What's really interesting is this point with delay = 300. I can't explain this. In the past I have seen strange effects from the compilers, sometimes with high optimization level O3 things were completely optimized away.
It's also very important where the code resides, when it's executed. A loop is sometimes so short that it completely fits into the buffer of the flash accelerator, you can call it cache.
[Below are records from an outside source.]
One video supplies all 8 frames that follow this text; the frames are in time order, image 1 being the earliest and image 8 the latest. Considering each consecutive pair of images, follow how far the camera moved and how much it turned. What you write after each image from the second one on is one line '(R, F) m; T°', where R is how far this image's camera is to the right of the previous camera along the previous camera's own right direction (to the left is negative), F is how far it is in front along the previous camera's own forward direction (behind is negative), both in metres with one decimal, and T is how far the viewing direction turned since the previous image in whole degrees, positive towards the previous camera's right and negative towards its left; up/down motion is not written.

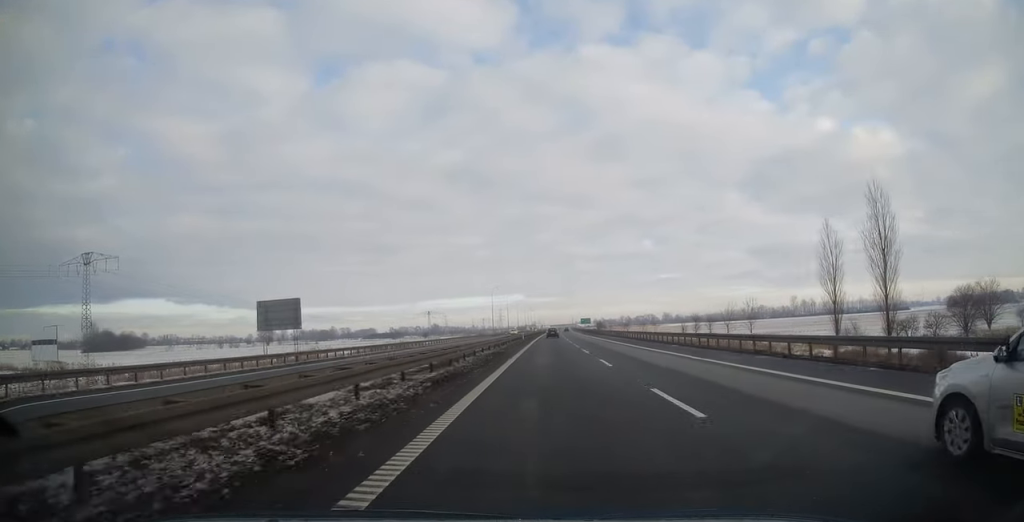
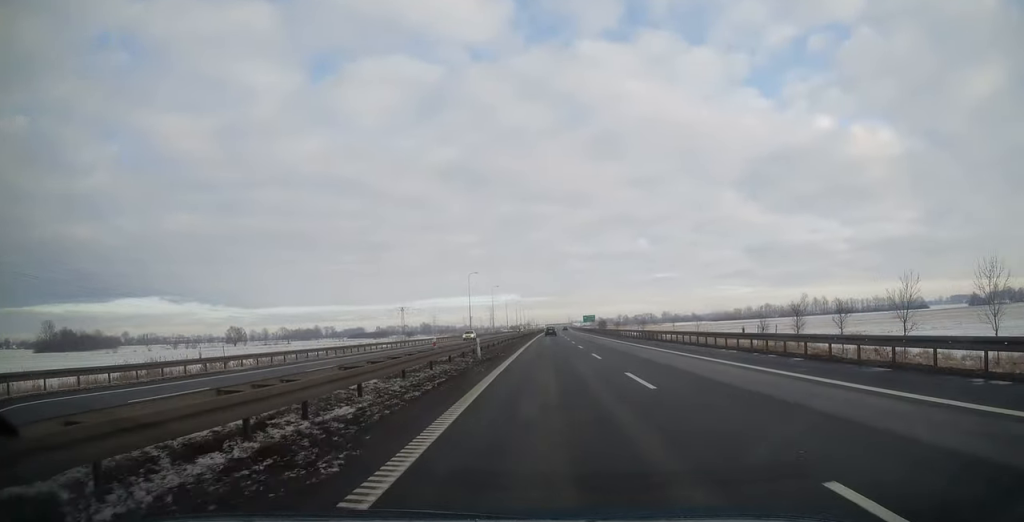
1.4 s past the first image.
(+0.3, +44.8) m; +1°
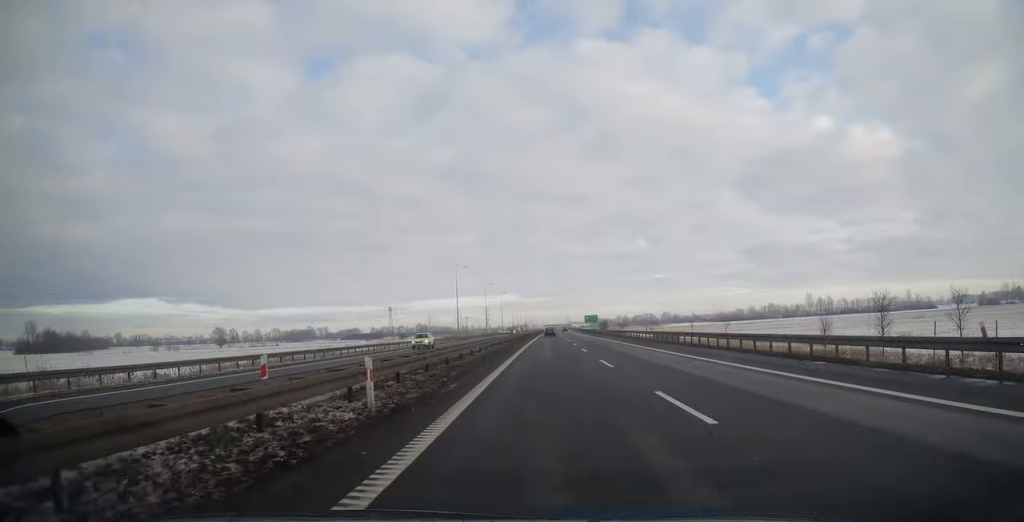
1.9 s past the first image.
(0.0, +16.0) m; 0°
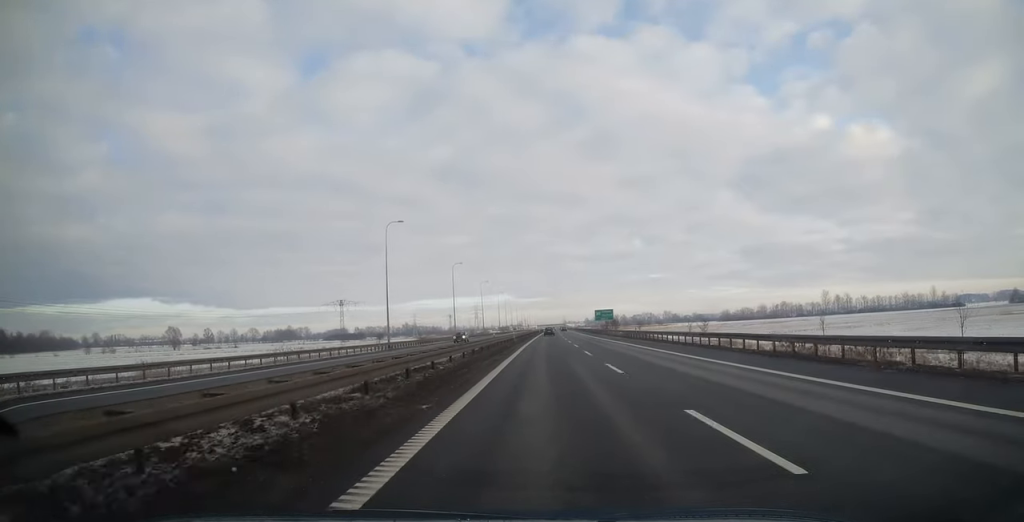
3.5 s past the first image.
(+0.4, +46.5) m; 0°
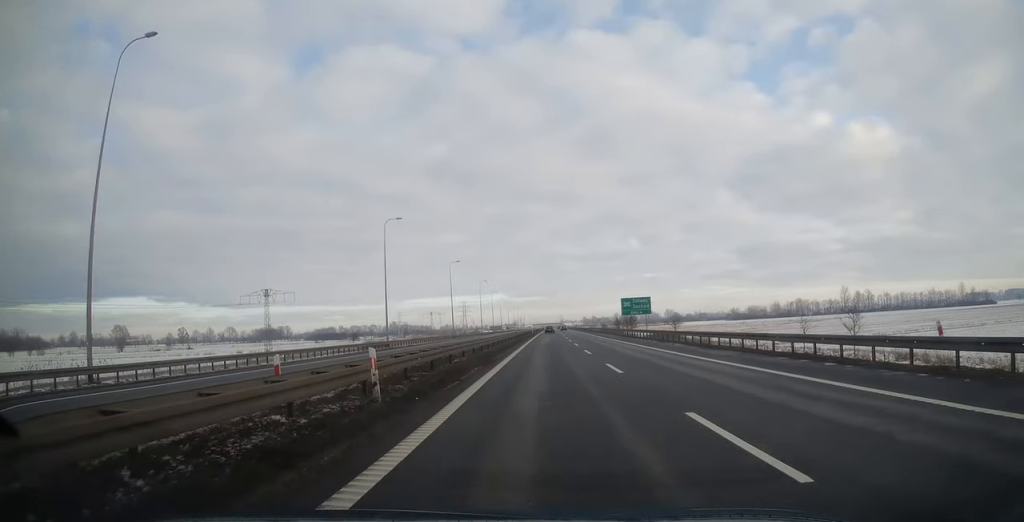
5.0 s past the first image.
(0.0, +48.7) m; 0°
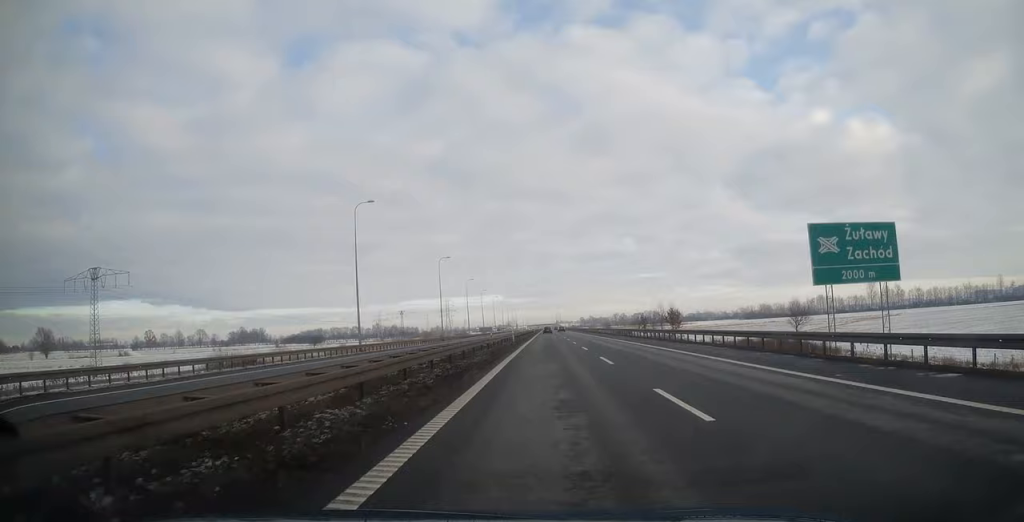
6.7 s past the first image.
(+0.3, +54.1) m; +1°
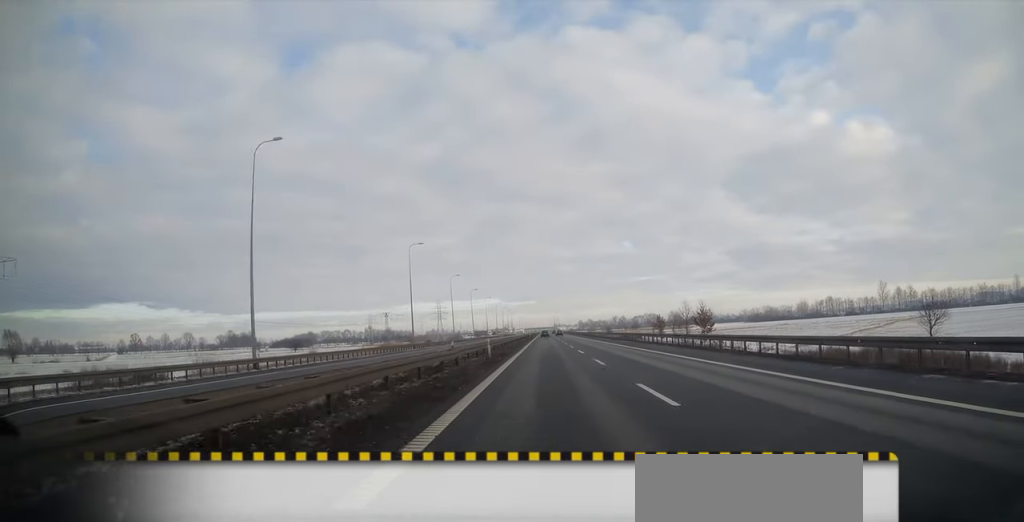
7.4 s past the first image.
(0.0, +23.7) m; 0°
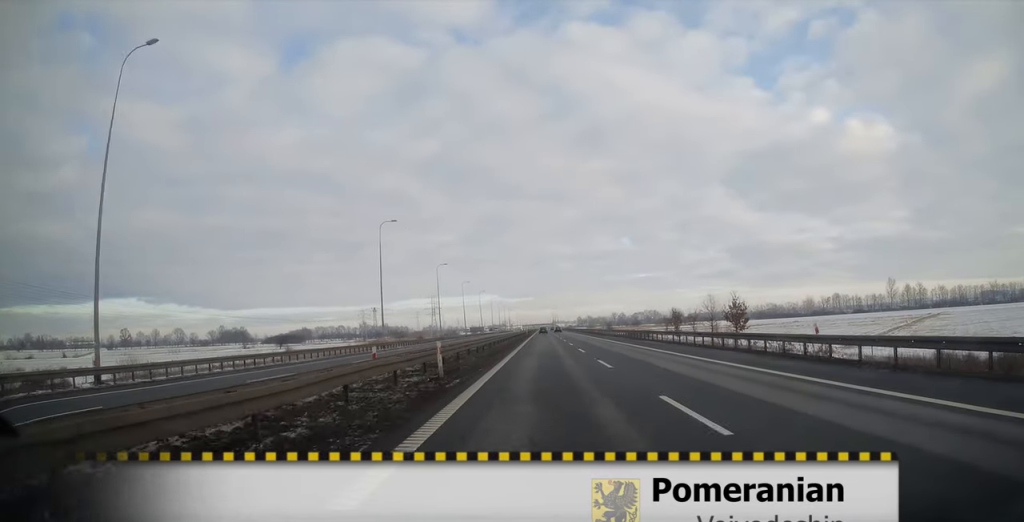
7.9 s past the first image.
(0.0, +15.9) m; 0°

Sometimes I have surrounded such a delay by GPIO on/off commands to see with an oscilloscope how long the loop really is.
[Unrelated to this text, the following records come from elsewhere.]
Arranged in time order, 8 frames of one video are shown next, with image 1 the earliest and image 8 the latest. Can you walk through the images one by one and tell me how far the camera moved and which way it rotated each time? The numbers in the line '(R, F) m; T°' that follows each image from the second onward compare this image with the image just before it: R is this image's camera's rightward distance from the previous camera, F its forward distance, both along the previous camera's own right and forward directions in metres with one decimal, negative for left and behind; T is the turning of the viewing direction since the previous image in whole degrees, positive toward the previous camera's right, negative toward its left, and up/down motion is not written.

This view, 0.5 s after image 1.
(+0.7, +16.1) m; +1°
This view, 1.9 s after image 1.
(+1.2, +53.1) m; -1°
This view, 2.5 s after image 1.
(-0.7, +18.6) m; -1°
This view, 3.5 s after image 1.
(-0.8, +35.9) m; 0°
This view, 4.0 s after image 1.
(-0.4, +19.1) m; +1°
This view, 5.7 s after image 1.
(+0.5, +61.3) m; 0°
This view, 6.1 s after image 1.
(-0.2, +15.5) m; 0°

You should do a test without code optimization and maybe also with a different delay implementation:
for (d = 0; d < delay; d++);
{
__NOP(); // that's for ARM CC, this can't be optimized away
__NOP();
}
Before you write the reset bit, let the M4 core and the bus system finish everything:
__ISB();
__DSB();
// Write reset bit
For MCUXpresso with the GCC compiler the instructions look this way:
__asm volatile ("nop\n");
__asm volatile ("isb\n");
__asm volatile ("dsb\n");
If you perform the chip reset from the M0APP core, then you should stall the M4, maybe like this:
1) Issue an interrupt to the Cortex-M4 side
2) In the ISR on the M4 side perform the ISB() and the DSB() and then go into a while(1);
3) Wait long enough on the M0 side to let the M4 do this and then write on the CORE_RST reset register bit
In general you should carefully think about the things which can happen to the other side if you perform a system kill action from one core. The two cores execute asynchronously, but using the same bus resources. In principle it would be better to delegate this chip reset task to the M4 core, because you can keep the M0APP in reset state while you're working on the wind back and the CORE_RST.
Regards,
Bernhard.